Who Pays After a Company Car Accident?

If you’re involved in an accident involving a company car, you may be panicking wondering who pays for the damages, whether your job is at stake, and more. But you can breathe a sigh of relief for a few things.

Your employer’s car accident policy typically takes care of damages and injuries. However, you might be liable if you were driving the company vehicle outside of work hours and at a time when your employer wasn’t expecting you to be driving the car.

In summary, if you were driving recklessly on a personal trip using a company vehicle, you’d likely be on the hook for the damages, and you could potentially lose your job. You can get more in-depth information on this page regarding what happens after a car accident in a company vehicle.

As far as your job goes, you could be fired if the accident was your fault, such as if you were driving recklessly. It all basically boils down to who caused the accident and whether or not the employee was on company business for the road trip.

If the Accident Was Not Your Fault

If you were not at fault in an accident involving a company vehicle, then you’re in the clear. In fact, you may be able to bring a claim against the responsible driver, as well as qualify for workers’ compensation from your company, as well as compensation for work-related injuries.

However, the onus will be on you to prove that the accident was not your fault, and that means showing that you were following company policies and procedures, and you were acting on behalf of your employer.

So for example, if your manager sends you on an official errand in a company vehicle, but you make a stop at a shopping mall and get into a parking lot accident, then you were not acting on behalf of your employer.

What If the Other Driver at Fault was (Also) In a Company Vehicle?

If the driver at fault was driving a company vehicle, you may be able to bring a lawsuit against their employer. Just as the opposite would be true if you were the one who caused an accident in your company’s vehicle. The legal term here is ‘respondeat superior‘, which means that an employer can be held responsible for their employee’s actions.
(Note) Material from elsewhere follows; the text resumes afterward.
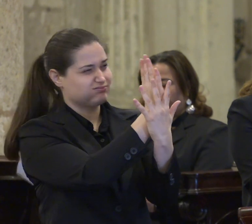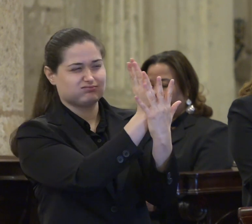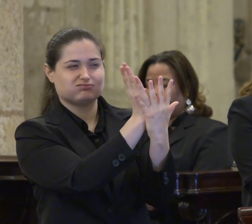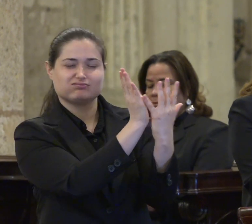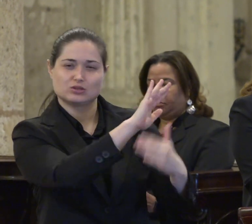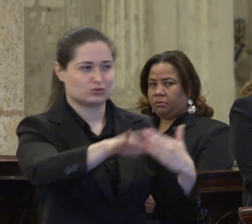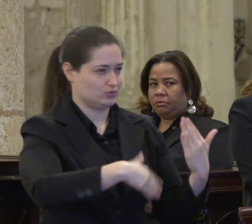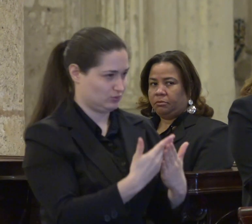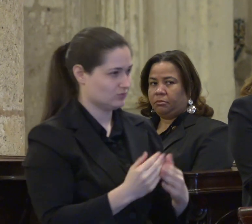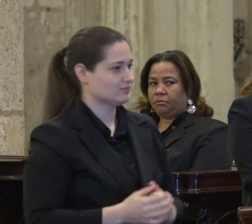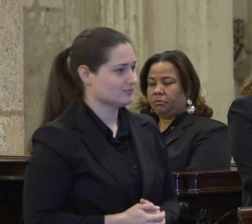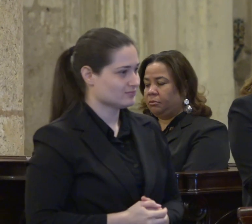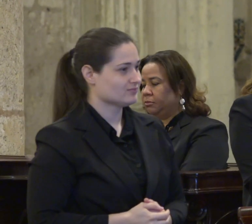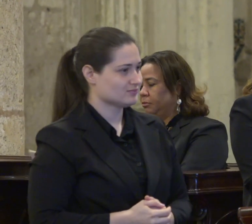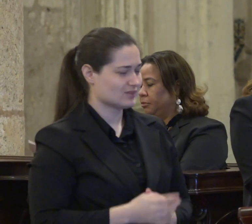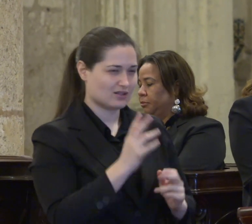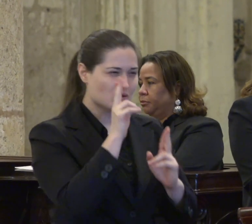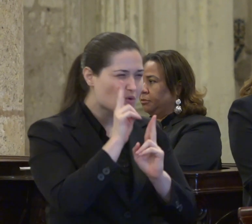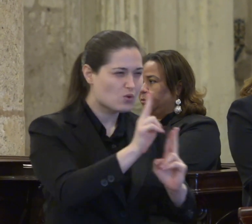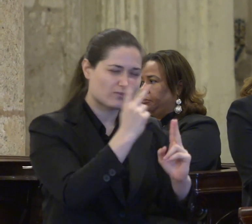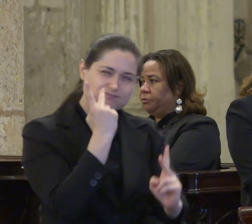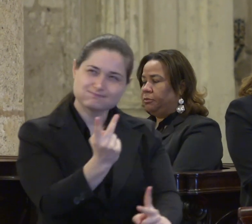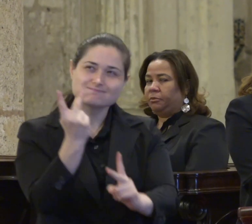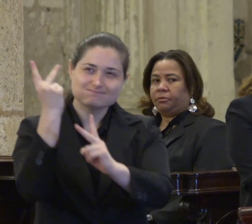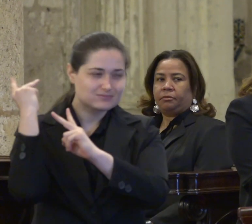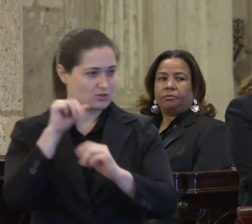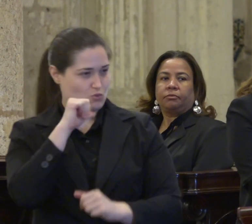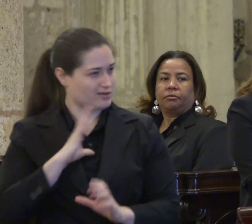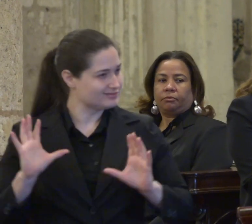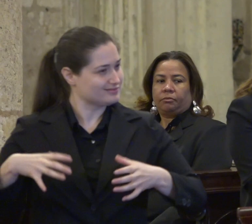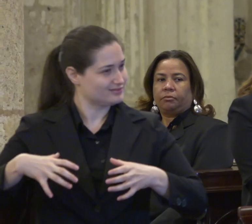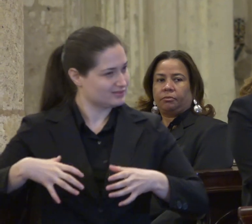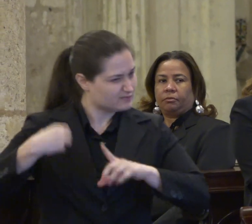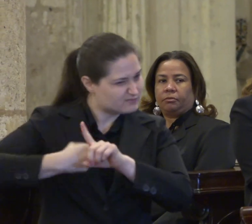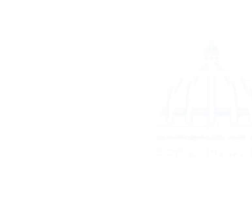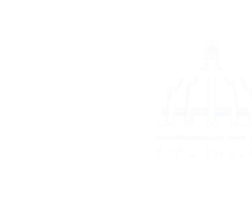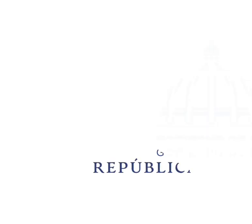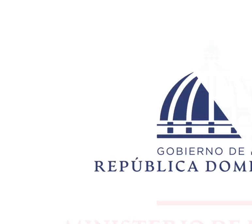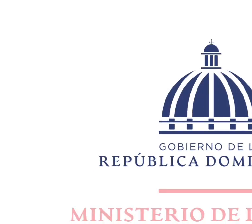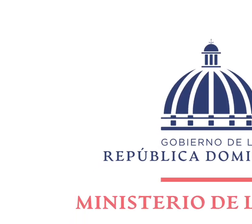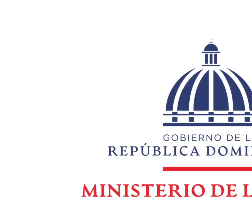honramos a las sufragistas dominicanas, a esas extraordinarias mujeres.

What if the Company Vehicle Malfunctioned?

If a defect in the company vehicle was a cause of an accident, such as a problem with the brakes or the engine, then you could potentially bring a negligent maintenance case against your employer. It’s worth mentioning because if there was a mechanical problem that caused the accident, the employer of the defective vehicle will most certainly be liable.

In this case, the employer can be sued by pretty much everyone involved in the accident. A lawyer will typically argue “negligence per se”, which means that the condition of the vehicle made it unlawful to drive. Basically, if the vehicle had undergone a mandatory safety inspection, it would not have been on the road.

However, this is also contingent on the findings of the insurance company investigator, as they will want to take apart the vehicle and inspect every last nut and bolt to determine who was truly at fault.